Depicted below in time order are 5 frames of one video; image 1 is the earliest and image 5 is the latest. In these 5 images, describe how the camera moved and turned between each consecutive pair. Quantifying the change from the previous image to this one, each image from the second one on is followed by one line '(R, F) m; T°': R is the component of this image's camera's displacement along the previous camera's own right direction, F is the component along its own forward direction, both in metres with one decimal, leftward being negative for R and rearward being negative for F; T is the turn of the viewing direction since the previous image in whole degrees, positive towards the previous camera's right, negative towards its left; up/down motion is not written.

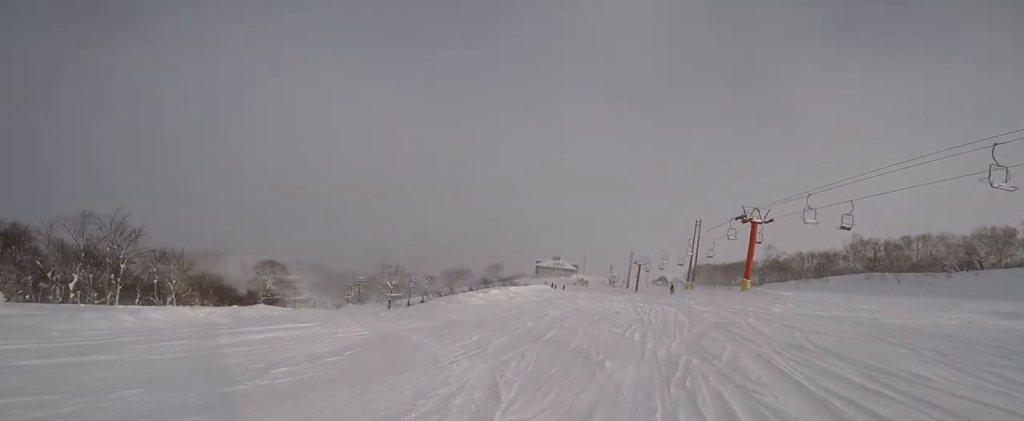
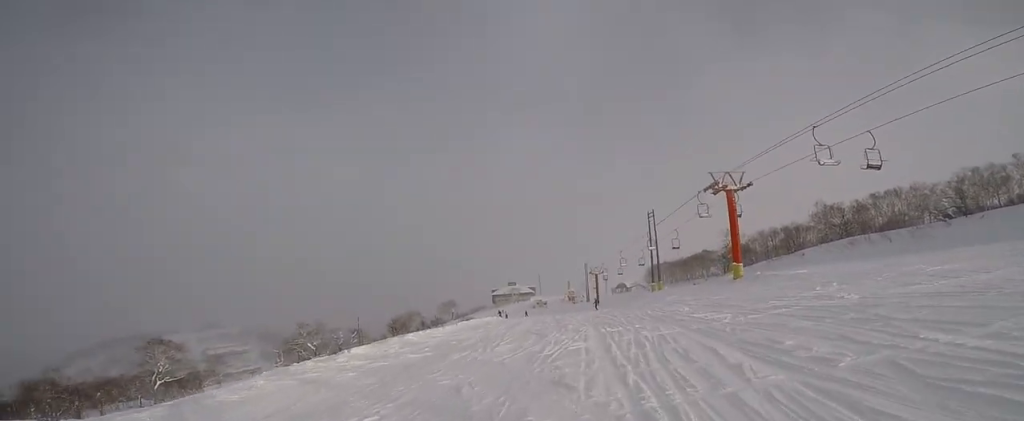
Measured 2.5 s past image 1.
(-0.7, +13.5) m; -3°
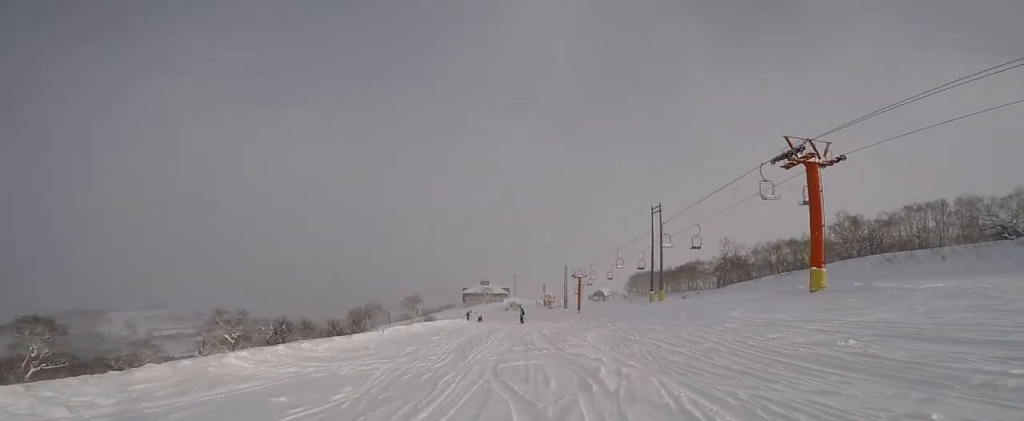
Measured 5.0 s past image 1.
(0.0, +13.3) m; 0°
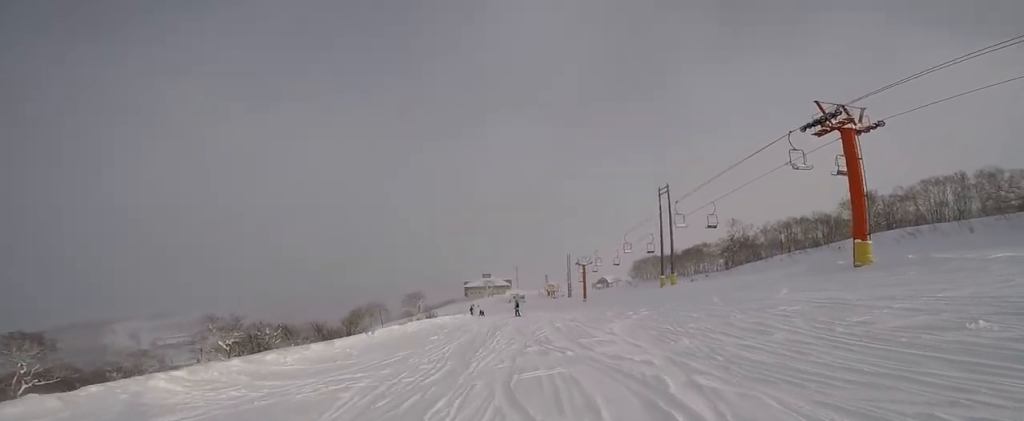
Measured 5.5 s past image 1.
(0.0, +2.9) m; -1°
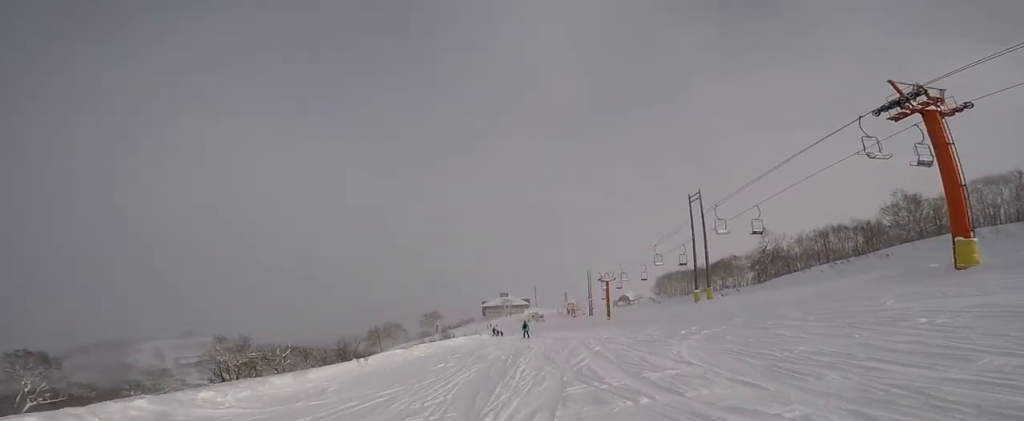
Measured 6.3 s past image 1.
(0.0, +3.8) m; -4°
+ + + +
## WHAT THE TASK REQUIRES:
Exactly the lines from the line with "Measured 2.5 s past image 1." through the last line of the listing, both included, should be extracted, and the pictures left behind.

## RESULT BELOW:
Measured 2.5 s past image 1.
(-0.7, +13.5) m; -3°
Measured 5.0 s past image 1.
(0.0, +13.3) m; 0°
Measured 5.5 s past image 1.
(0.0, +2.9) m; -1°
Measured 6.3 s past image 1.
(0.0, +3.8) m; -4°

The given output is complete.